### Task objective
Please set down all of the data below verbatim.

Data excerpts
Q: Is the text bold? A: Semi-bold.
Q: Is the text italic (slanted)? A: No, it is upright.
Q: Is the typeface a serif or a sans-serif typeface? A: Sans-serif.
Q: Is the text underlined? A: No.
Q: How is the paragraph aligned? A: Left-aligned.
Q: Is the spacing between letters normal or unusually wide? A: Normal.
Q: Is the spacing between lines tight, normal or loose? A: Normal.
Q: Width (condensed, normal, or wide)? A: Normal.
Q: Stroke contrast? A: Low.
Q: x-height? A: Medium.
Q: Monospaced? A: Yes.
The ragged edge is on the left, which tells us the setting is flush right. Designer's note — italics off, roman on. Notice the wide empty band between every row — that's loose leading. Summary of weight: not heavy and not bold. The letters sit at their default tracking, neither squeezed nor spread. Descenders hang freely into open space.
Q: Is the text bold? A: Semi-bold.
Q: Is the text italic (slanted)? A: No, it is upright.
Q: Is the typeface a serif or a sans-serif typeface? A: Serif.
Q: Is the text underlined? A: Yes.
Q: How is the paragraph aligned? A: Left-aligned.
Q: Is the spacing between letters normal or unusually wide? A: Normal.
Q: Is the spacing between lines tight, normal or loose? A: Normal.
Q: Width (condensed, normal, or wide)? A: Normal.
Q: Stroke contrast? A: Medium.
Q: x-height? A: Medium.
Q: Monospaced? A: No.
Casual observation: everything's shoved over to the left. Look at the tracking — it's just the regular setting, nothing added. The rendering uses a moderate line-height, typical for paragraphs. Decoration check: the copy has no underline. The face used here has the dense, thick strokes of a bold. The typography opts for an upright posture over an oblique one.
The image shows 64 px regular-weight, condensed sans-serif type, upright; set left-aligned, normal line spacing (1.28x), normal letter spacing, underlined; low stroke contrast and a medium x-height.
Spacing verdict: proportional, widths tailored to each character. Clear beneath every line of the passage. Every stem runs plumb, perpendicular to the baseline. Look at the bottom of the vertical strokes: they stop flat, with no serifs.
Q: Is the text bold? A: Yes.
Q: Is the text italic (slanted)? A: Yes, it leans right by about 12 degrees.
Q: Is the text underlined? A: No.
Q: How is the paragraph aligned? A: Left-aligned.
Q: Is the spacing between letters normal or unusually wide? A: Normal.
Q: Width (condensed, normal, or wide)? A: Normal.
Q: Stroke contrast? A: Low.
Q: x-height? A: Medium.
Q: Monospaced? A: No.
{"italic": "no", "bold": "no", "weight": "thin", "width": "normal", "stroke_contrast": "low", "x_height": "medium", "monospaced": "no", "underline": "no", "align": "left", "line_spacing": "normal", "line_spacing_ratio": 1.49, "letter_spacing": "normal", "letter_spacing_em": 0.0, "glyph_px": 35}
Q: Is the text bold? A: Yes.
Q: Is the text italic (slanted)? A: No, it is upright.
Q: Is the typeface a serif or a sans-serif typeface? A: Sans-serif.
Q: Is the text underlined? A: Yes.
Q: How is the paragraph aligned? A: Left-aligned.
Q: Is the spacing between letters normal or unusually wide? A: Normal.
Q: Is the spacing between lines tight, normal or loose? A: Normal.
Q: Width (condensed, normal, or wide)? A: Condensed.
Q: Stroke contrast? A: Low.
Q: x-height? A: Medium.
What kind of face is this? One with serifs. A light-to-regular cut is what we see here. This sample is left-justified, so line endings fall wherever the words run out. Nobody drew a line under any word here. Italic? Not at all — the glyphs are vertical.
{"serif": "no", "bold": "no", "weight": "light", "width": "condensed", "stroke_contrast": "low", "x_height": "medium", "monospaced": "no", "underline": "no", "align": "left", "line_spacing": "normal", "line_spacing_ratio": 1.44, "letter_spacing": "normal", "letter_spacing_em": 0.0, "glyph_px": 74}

### Task response
Q: Is the text bold? A: Semi-bold.
Q: Is the text italic (slanted)? A: No, it is upright.
Q: Is the typeface a serif or a sans-serif typeface? A: Sans-serif.
Q: Is the text underlined? A: No.
Q: How is the paragraph aligned? A: Left-aligned.
Q: Is the spacing between letters normal or unusually wide? A: Normal.
Q: Is the spacing between lines tight, normal or loose? A: Normal.
Q: Width (condensed, normal, or wide)? A: Normal.
Q: Stroke contrast? A: Low.
Q: x-height? A: Medium.
Q: Monospaced? A: Yes.
The ragged edge is on the left, which tells us the setting is flush right. Designer's note — italics off, roman on. Notice the wide empty band between every row — that's loose leading. Summary of weight: not heavy and not bold. The letters sit at their default tracking, neither squeezed nor spread. Descenders hang freely into open space.
Q: Is the text bold? A: Semi-bold.
Q: Is the text italic (slanted)? A: No, it is upright.
Q: Is the typeface a serif or a sans-serif typeface? A: Serif.
Q: Is the text underlined? A: Yes.
Q: How is the paragraph aligned? A: Left-aligned.
Q: Is the spacing between letters normal or unusually wide? A: Normal.
Q: Is the spacing between lines tight, normal or loose? A: Normal.
Q: Width (condensed, normal, or wide)? A: Normal.
Q: Stroke contrast? A: Medium.
Q: x-height? A: Medium.
Q: Monospaced? A: No.
Casual observation: everything's shoved over to the left. Look at the tracking — it's just the regular setting, nothing added. The rendering uses a moderate line-height, typical for paragraphs. Decoration check: the copy has no underline. The face used here has the dense, thick strokes of a bold. The typography opts for an upright posture over an oblique one.
The image shows 64 px regular-weight, condensed sans-serif type, upright; set left-aligned, normal line spacing (1.28x), normal letter spacing, underlined; low stroke contrast and a medium x-height.
Spacing verdict: proportional, widths tailored to each character. Clear beneath every line of the passage. Every stem runs plumb, perpendicular to the baseline. Look at the bottom of the vertical strokes: they stop flat, with no serifs.
Q: Is the text bold? A: Yes.
Q: Is the text italic (slanted)? A: Yes, it leans right by about 12 degrees.
Q: Is the text underlined? A: No.
Q: How is the paragraph aligned? A: Left-aligned.
Q: Is the spacing between letters normal or unusually wide? A: Normal.
Q: Width (condensed, normal, or wide)? A: Normal.
Q: Stroke contrast? A: Low.
Q: x-height? A: Medium.
Q: Monospaced? A: No.
{"italic": "no", "bold": "no", "weight": "thin", "width": "normal", "stroke_contrast": "low", "x_height": "medium", "monospaced": "no", "underline": "no", "align": "left", "line_spacing": "normal", "line_spacing_ratio": 1.49, "letter_spacing": "normal", "letter_spacing_em": 0.0, "glyph_px": 35}
Q: Is the text bold? A: Yes.
Q: Is the text italic (slanted)? A: No, it is upright.
Q: Is the typeface a serif or a sans-serif typeface? A: Sans-serif.
Q: Is the text underlined? A: Yes.
Q: How is the paragraph aligned? A: Left-aligned.
Q: Is the spacing between letters normal or unusually wide? A: Normal.
Q: Is the spacing between lines tight, normal or loose? A: Normal.
Q: Width (condensed, normal, or wide)? A: Condensed.
Q: Stroke contrast? A: Low.
Q: x-height? A: Medium.
What kind of face is this? One with serifs. A light-to-regular cut is what we see here. This sample is left-justified, so line endings fall wherever the words run out. Nobody drew a line under any word here. Italic? Not at all — the glyphs are vertical.
{"serif": "no", "bold": "no", "weight": "light", "width": "condensed", "stroke_contrast": "low", "x_height": "medium", "monospaced": "no", "underline": "no", "align": "left", "line_spacing": "normal", "line_spacing_ratio": 1.44, "letter_spacing": "normal", "letter_spacing_em": 0.0, "glyph_px": 74}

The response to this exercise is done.